> **Task brief**: When the line containing "Estimate the 3-D" appears in the data below, begin copying there and stop only after the line containing "[-15.566,5.366,118.637,5.272,7.056,5.381,0,0,-24]".

● ● ● ● ● ● ●

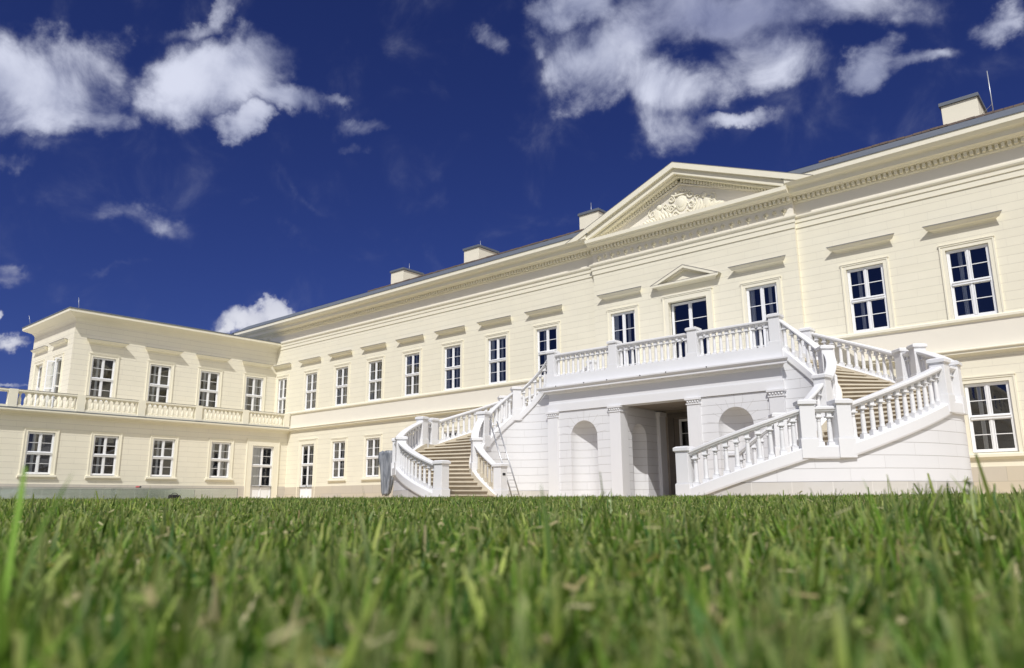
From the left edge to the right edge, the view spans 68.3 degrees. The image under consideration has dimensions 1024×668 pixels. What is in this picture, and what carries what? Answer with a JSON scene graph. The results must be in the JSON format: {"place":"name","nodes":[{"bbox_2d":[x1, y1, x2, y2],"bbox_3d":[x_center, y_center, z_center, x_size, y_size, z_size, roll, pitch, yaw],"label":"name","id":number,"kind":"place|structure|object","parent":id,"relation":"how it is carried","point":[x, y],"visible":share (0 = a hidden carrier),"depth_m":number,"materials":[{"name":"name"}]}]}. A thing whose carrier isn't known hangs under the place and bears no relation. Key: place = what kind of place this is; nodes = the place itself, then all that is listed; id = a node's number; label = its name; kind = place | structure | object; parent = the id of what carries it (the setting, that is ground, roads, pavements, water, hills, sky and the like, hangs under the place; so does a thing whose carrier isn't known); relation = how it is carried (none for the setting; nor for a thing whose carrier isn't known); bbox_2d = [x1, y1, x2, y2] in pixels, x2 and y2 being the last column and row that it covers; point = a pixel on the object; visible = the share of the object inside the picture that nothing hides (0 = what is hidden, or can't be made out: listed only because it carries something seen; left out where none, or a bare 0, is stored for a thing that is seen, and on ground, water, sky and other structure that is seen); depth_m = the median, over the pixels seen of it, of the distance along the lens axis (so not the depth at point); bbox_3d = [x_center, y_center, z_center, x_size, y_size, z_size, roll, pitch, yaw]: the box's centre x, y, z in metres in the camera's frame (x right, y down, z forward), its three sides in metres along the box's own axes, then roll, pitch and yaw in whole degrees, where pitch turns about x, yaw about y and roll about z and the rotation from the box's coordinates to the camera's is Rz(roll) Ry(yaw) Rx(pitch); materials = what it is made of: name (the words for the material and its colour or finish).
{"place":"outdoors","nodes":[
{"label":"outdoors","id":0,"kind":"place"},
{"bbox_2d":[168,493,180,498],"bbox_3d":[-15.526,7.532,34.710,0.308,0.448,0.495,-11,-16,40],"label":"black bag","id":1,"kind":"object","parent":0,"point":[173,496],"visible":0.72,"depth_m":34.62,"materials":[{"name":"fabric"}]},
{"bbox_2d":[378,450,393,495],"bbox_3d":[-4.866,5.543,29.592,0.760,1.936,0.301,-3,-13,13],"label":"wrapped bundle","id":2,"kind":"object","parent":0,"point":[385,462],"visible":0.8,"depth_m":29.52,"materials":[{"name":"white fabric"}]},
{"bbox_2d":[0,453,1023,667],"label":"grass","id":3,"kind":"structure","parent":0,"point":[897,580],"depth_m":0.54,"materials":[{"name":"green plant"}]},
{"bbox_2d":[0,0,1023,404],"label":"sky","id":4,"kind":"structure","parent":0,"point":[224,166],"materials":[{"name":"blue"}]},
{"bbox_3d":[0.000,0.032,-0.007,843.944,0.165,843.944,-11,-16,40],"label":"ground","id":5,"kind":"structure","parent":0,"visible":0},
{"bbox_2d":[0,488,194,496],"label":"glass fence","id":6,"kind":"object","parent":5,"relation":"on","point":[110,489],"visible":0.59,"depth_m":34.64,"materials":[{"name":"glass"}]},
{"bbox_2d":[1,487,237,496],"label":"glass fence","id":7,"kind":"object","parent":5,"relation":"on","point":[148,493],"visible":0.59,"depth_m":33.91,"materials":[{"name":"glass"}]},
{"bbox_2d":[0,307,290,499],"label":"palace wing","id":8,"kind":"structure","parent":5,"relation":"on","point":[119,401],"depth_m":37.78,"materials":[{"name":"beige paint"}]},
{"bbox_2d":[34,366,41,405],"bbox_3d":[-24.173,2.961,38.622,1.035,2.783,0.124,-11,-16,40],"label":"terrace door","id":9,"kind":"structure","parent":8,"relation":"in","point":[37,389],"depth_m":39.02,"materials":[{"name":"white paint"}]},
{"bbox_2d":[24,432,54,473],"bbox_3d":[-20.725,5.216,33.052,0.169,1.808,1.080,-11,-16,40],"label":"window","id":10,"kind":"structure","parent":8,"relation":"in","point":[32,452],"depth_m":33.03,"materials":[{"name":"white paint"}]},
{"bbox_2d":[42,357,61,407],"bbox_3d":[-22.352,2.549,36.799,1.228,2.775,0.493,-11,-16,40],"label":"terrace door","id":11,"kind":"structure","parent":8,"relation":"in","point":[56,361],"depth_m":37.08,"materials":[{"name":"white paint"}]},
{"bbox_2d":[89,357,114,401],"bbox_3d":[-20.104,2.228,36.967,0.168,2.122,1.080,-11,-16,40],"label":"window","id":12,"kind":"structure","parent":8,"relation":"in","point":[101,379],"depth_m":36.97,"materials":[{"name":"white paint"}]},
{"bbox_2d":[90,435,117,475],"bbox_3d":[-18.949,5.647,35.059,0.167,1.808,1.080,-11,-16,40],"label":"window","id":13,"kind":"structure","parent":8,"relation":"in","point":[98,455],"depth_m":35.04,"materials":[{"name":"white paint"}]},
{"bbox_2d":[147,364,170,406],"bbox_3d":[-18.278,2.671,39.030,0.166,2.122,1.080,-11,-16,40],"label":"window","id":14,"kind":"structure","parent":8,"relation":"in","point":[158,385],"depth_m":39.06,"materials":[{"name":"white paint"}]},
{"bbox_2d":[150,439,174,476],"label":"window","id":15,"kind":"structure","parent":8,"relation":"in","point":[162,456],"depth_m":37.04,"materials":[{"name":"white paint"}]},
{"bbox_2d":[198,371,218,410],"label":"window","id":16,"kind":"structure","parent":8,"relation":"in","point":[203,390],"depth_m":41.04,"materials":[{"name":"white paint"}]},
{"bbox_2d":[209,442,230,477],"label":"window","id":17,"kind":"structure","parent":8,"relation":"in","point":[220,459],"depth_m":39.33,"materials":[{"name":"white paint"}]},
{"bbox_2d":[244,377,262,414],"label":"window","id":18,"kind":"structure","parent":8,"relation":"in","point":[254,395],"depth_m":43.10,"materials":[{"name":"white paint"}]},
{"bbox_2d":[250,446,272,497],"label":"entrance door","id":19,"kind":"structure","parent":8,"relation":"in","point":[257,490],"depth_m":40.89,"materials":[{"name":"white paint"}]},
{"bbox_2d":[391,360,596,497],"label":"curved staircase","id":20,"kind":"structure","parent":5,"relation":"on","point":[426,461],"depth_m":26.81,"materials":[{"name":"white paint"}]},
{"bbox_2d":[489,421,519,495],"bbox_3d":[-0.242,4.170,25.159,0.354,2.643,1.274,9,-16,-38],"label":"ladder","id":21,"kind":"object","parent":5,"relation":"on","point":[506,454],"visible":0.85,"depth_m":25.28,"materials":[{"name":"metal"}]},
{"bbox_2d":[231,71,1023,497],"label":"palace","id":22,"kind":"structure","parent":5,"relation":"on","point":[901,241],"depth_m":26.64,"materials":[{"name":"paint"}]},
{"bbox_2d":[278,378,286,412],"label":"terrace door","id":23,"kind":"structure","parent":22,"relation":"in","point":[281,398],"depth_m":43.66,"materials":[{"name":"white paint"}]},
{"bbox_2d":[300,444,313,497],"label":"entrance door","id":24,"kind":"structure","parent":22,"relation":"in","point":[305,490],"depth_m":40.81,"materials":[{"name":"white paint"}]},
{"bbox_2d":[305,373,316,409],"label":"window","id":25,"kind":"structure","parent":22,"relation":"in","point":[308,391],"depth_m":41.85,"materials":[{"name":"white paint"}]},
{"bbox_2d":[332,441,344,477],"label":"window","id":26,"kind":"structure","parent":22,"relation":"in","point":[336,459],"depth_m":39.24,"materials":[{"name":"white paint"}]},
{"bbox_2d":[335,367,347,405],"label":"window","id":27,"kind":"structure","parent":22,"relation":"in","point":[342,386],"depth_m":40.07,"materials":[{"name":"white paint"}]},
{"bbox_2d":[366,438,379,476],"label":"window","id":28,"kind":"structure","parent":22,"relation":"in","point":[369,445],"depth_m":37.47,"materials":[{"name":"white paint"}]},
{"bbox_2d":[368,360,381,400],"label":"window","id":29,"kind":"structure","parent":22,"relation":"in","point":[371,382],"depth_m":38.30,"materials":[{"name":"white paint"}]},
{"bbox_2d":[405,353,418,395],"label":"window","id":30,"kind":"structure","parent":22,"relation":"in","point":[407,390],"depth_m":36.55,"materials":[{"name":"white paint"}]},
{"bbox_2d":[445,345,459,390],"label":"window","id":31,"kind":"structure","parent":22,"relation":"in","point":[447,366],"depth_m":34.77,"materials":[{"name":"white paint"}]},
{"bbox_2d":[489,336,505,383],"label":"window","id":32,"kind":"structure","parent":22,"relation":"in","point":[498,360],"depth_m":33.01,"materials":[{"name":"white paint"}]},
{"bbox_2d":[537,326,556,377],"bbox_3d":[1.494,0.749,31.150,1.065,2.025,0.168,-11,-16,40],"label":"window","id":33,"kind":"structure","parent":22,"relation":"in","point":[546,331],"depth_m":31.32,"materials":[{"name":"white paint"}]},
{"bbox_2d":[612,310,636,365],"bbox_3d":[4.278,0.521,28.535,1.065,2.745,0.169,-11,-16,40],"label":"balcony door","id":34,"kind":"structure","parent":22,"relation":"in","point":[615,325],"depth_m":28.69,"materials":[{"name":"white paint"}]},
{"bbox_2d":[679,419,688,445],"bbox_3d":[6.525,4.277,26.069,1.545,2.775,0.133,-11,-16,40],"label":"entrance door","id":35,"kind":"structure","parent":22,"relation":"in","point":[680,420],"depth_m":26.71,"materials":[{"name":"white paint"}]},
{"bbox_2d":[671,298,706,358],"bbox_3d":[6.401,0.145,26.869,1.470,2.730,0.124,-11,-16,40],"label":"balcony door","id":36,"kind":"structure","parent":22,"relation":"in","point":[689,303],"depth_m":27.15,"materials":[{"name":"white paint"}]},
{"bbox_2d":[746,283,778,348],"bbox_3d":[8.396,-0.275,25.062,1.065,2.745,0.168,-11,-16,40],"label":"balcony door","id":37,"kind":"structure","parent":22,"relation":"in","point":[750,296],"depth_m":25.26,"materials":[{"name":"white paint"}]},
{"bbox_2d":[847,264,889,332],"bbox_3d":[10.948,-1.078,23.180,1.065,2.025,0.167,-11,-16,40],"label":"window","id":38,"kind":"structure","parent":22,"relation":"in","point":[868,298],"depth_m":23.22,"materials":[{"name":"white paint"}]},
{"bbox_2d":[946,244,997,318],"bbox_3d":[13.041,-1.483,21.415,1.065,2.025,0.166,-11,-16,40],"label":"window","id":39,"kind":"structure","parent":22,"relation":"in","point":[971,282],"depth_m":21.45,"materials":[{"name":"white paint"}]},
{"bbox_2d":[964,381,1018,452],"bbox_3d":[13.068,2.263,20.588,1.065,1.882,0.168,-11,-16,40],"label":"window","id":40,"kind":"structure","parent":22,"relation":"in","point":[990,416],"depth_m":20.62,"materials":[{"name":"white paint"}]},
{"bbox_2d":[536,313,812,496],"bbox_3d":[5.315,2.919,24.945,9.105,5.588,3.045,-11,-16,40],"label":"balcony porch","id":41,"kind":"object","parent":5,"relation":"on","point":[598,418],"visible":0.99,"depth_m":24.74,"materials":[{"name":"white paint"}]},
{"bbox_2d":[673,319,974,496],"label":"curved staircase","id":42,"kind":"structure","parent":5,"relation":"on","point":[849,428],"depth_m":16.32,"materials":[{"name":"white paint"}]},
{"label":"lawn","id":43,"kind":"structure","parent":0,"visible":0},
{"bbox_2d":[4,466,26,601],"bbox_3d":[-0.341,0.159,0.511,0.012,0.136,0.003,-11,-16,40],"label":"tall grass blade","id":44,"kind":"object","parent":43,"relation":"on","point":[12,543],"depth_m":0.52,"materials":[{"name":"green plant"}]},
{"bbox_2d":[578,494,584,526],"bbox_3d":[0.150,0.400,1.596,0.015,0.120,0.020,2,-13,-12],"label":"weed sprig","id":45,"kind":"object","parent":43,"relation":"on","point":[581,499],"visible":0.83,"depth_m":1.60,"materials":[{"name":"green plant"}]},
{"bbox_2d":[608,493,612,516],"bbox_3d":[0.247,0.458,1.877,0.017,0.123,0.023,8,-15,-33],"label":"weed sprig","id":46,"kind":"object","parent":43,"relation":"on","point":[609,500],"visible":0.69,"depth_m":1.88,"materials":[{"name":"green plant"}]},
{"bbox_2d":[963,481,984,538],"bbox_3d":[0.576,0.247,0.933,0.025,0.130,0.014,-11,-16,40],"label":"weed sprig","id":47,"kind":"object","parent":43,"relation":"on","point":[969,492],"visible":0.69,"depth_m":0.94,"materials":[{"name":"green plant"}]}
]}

● ● ● ● ● ● ●

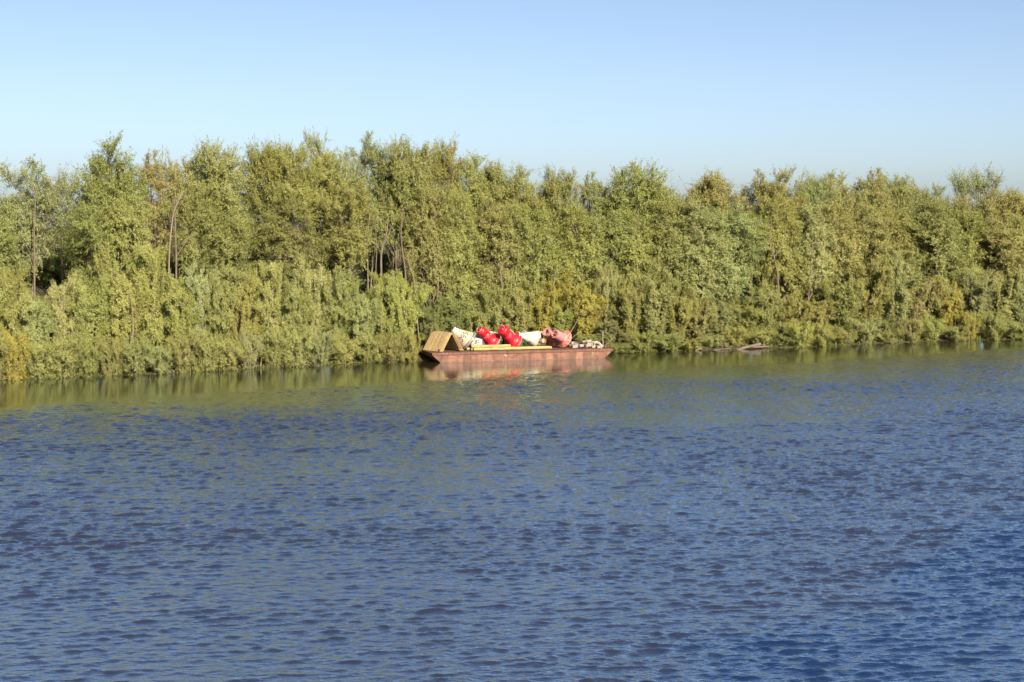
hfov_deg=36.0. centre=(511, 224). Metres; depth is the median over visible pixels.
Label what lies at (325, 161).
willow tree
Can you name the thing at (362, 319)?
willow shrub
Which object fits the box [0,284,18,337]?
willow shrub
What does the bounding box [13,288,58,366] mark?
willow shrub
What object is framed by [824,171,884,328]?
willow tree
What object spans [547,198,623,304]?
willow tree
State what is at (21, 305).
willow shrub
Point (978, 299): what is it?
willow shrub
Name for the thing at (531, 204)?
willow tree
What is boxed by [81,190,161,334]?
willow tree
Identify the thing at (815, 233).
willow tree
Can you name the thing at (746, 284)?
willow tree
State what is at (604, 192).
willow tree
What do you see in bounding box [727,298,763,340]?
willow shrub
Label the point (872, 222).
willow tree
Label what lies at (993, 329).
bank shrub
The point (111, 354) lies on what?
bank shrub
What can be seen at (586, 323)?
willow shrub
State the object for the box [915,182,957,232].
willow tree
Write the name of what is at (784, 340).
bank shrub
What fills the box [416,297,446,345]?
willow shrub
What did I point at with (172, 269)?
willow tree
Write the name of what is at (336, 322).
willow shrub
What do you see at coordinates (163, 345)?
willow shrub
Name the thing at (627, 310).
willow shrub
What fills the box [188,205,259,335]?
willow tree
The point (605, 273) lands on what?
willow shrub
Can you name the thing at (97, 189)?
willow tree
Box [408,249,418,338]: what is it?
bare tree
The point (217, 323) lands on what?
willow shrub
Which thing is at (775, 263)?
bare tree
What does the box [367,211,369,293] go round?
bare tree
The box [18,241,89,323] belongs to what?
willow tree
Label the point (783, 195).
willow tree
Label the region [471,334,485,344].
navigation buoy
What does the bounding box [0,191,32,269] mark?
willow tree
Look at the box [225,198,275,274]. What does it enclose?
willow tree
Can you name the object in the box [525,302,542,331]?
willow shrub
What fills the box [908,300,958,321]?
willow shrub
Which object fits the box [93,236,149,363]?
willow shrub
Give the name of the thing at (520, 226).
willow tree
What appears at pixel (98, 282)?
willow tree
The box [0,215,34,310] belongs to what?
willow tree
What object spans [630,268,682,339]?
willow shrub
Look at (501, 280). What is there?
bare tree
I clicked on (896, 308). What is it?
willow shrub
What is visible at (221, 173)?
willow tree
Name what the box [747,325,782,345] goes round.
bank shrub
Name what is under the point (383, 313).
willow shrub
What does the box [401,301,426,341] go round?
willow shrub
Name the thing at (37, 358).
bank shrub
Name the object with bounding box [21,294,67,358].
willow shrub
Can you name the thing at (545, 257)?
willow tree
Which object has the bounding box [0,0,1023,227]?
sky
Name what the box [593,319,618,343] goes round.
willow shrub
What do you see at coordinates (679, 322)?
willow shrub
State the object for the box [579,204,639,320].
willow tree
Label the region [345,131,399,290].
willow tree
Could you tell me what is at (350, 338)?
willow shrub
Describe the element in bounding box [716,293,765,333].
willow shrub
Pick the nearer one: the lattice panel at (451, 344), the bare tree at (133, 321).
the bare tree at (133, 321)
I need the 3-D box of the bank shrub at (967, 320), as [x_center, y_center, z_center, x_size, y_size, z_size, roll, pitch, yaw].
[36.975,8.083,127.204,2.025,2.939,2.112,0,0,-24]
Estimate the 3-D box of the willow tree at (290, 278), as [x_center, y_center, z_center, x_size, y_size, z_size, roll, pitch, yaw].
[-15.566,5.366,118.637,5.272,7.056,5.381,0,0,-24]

● ● ● ● ● ● ●

> **Result for this exercise**:
Estimate the 3-D box of the willow tree at (290, 278), as [x_center, y_center, z_center, x_size, y_size, z_size, roll, pitch, yaw].
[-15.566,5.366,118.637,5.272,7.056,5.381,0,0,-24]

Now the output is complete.